Mit Wirkung vom 30.6.2013 ist in § 33 Abs. 2 EStG ein S. 4 ergänzt worden, wonach der Abzug von "Aufwendungen für die Führung eines Rechtsstreits (Prozesskosten)" als außergewöhnliche Belastungen ausgeschlossen ist, "es sei denn, es handelt sich um Aufwendungen, ohne die der Steuerpflichtige Gefahr liefe, seine Existenzgrundlage zu verlieren und seine lebensnotwendigen Bedürfnisse in dem üblichen Rahmen nicht mehr befriedigen zu können". Für die Zeit davor und damit auch für das Streitjahr 2010 fehlte eine solche gesetzliche Regelung. Die Kosten eines Zivilprozesses konnten nach der neuen BFH-Rechtsprechung (Urt. v. 12.5.2011) zu dem Rechtsstand vor dem 30.6.2013 unabhängig vom Gegenstand des Zivilrechtsstreits aus rechtlichen Gründen zwangsläufig entstehen. Entgegen der früheren Rechtsprechung war für die Frage der Zwangsläufigkeit von Prozesskosten nicht auf die Unausweichlichkeit des der streitgegenständlichen Zahlungsverpflichtung oder dem strittigen Zahlungsanspruch zugrunde liegenden Ereignisses abzustellen.
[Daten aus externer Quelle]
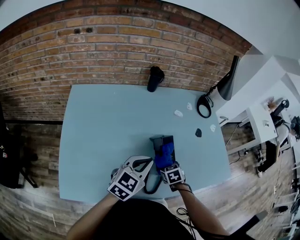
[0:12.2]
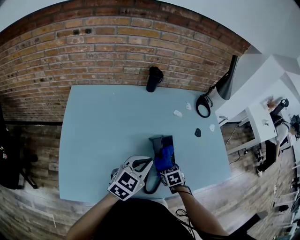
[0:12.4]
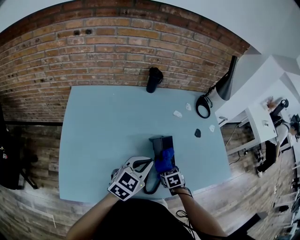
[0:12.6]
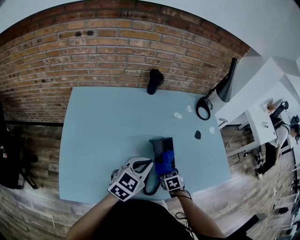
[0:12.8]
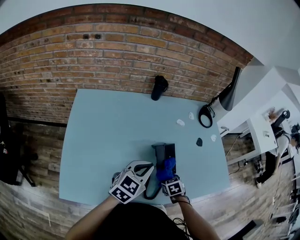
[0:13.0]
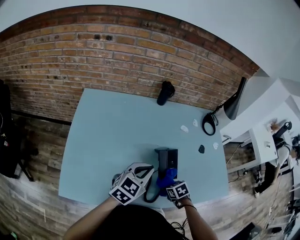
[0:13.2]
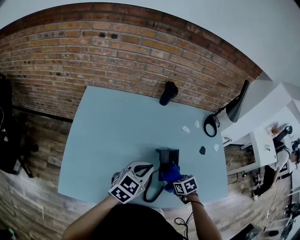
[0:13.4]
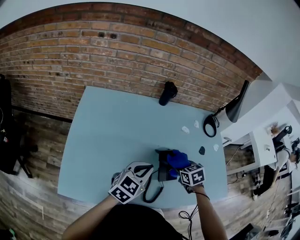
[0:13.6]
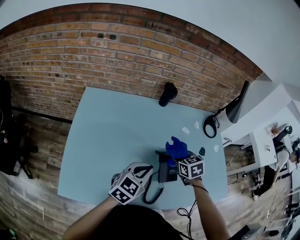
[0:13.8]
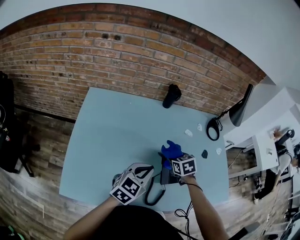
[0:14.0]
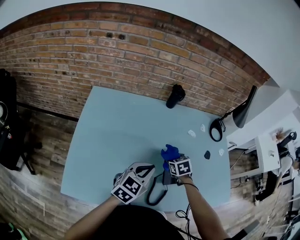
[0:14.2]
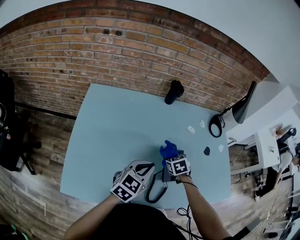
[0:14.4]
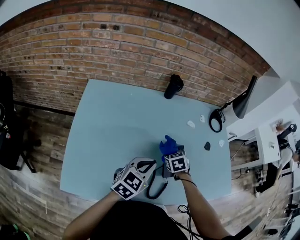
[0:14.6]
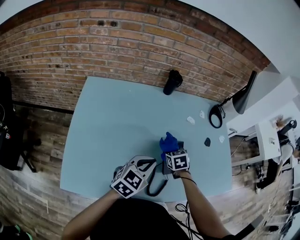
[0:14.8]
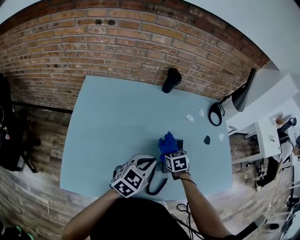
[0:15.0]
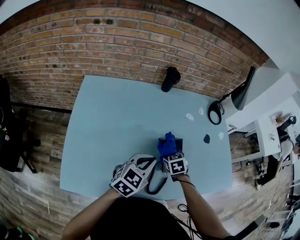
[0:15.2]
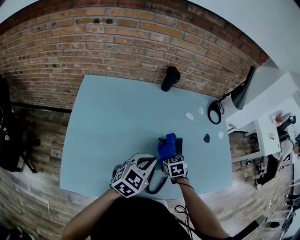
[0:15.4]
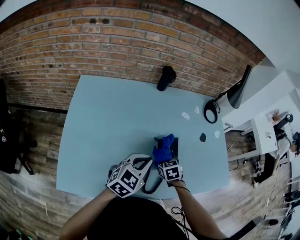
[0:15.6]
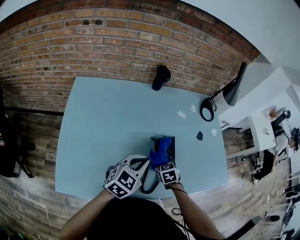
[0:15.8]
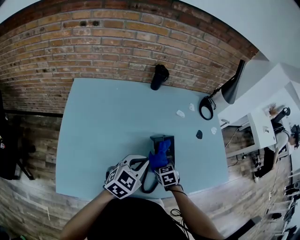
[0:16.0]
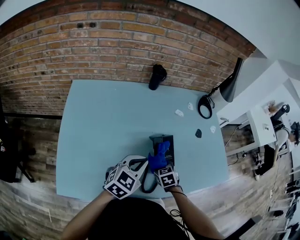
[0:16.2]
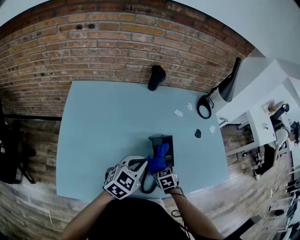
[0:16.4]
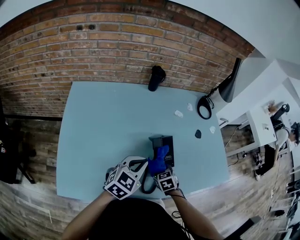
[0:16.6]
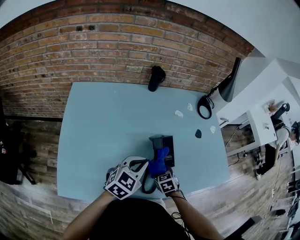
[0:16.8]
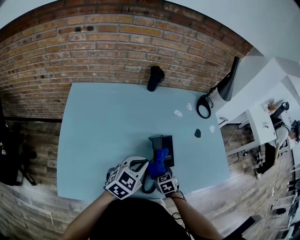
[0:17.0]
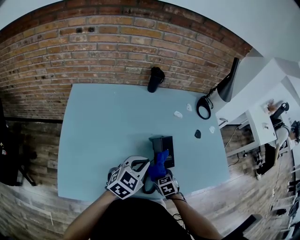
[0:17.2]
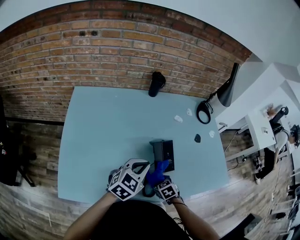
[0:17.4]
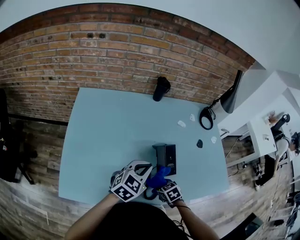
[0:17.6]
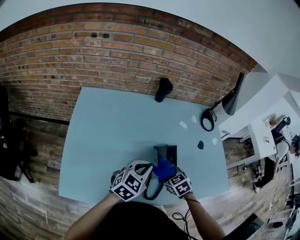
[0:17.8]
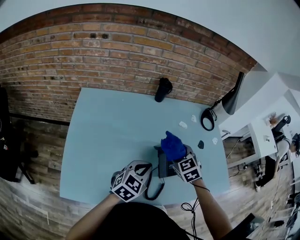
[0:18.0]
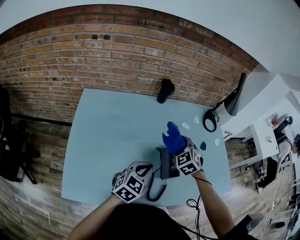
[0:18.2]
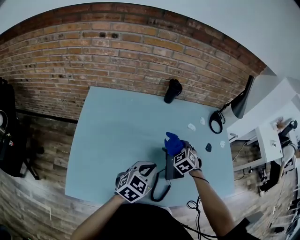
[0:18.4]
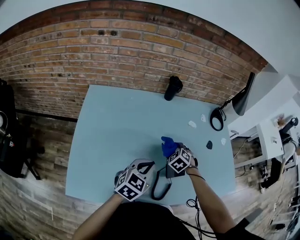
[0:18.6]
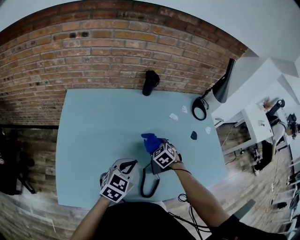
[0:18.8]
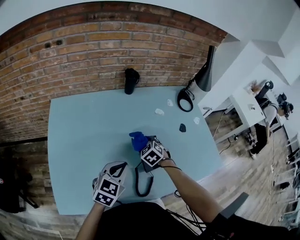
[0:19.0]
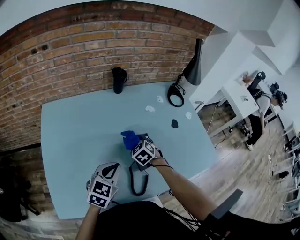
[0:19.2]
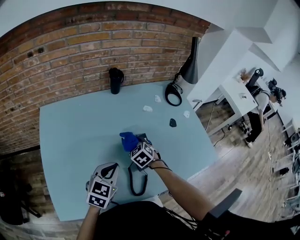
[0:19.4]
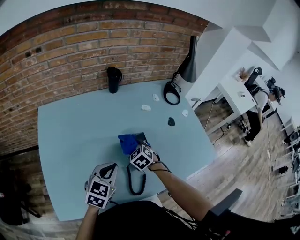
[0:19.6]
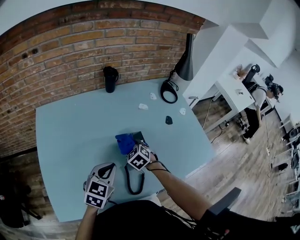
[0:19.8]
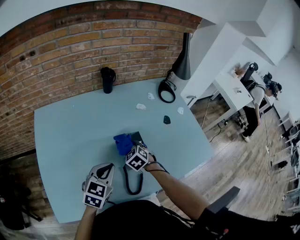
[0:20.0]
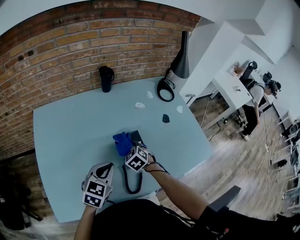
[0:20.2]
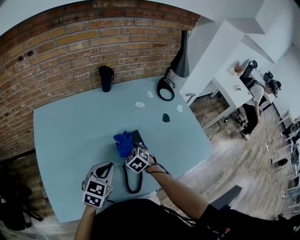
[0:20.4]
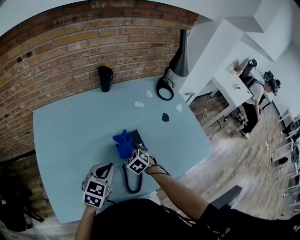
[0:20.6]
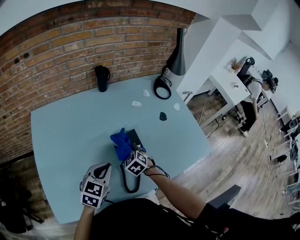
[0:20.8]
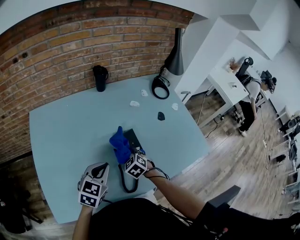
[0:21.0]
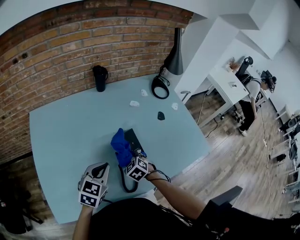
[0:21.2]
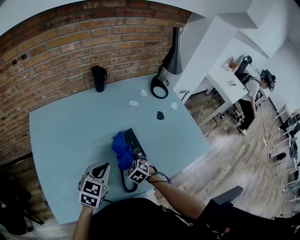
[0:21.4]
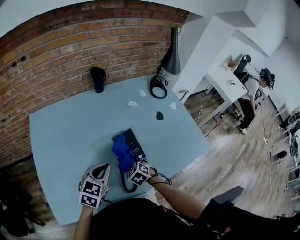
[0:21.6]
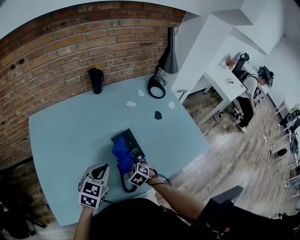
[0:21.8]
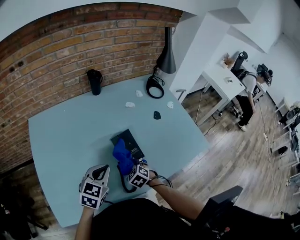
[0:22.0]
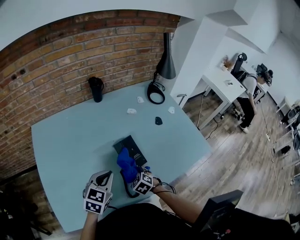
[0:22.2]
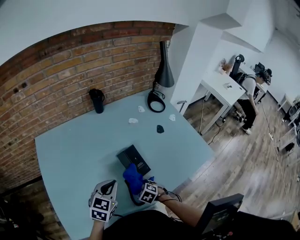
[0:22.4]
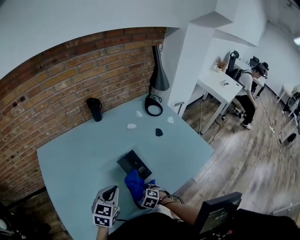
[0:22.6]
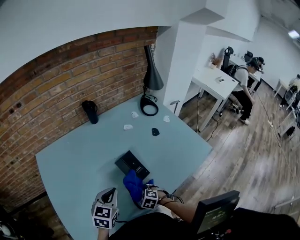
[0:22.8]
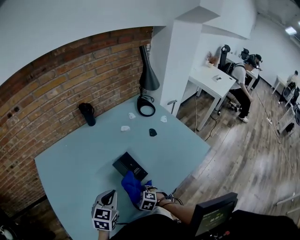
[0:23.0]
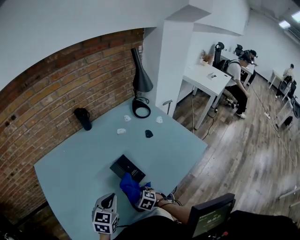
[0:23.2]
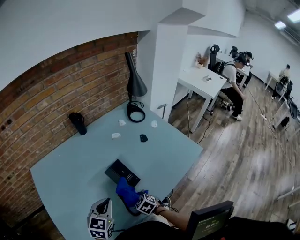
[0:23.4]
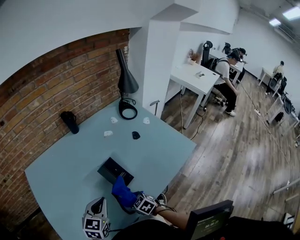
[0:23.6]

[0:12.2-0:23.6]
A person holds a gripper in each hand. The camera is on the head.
0:12.2 to 0:13.6: The right gripper moves upward and forward, approximately 15 cm.
0:13.6 to 0:15.0: The right gripper moves downward and to the left, roughly 10 cm.
0:15.0 to 0:16.4: The right gripper is displaced backward by about 10 cm.
0:16.4 to 0:17.8: The right gripper is displaced upward by some 5 cm.
0:17.8 to 0:19.4: The right gripper shifts about 10 cm forward.
0:19.4 to 0:20.8: The right gripper travels backward by roughly 5 cm.
0:20.8 to 0:22.2: The right gripper travels backward and downward by about 10 cm.
0:22.2 to 0:23.6: The right gripper rotates roughly 30 degrees.

Demnach musste der Steuerpflichtige den Prozess unter verständiger Würdigung des Für und Wider - auch des Kostenrisikos - eingegangen sein. Demgemäß waren Zivilprozesskosten nicht unausweichlich, wenn die beabsichtigte Rechtsverfolgung oder Rechtsverteidigung aus Sicht eines verständigen Dritten keine hinreichende Aussicht auf Erfolg bot. Eine nur entfernte, gewisse Erfolgsaussicht reichte nicht aus, um die Zivilprozesskosten als unausweichlich und damit als zwangsläufig ansehen zu können. Der Erfolg musste mindestens ebenso wahrscheinlich sein wie ein Misserfolg.

Infolgedessen waren die für 2010 geltend gemachten Prozesskosten der Klägerin als außergewöhnliche Belastungen abzuziehen. Die Aufwendungen waren ihr zwangsläufig entstanden. Der Rechtsstreit hatte den Eingang in die erste Instanz nicht auf Betreiben der Klägerin gefunden, schließlich hatte E. geklagt. Hierauf hat die Klägerin von ihrem Recht Gebrauch gemacht, Widerklage zu erheben Im Hinblick darauf, dass für das gemeinsame Haus hinsichtlich Nutzung und Eigentum eine Gesamtlösung gefunden werden musste, hatte sie nicht mutwillig Widerklage erhoben. Nach summarischer Prüfung konnte nicht davon ausgegangen werden, dass sich die Klägerin nach Abschluss des erstinstanzlichen Verfahrens mutwillig oder leichtfertig auf das Berufungsverfahren eingelassen hatte. Vielmehr bestand durchaus eine hinreichende Erfolgsaussicht, die sich in dem vor dem OLG geschlossenen Prozessvergleich, mit dem u.a. die Nutzungsentschädigung für 2008 wieder zurückgenommen wurde, realisierte.

Im Hinblick auf die abweichende Auffassung der Finanzverwaltung und die zu der Rechtsfrage beim BFH anhängigen Revisionsverfahren (z.B. VI R 66/12, X R 34/12 und VI R 56/13) war die Revision zuzulassen.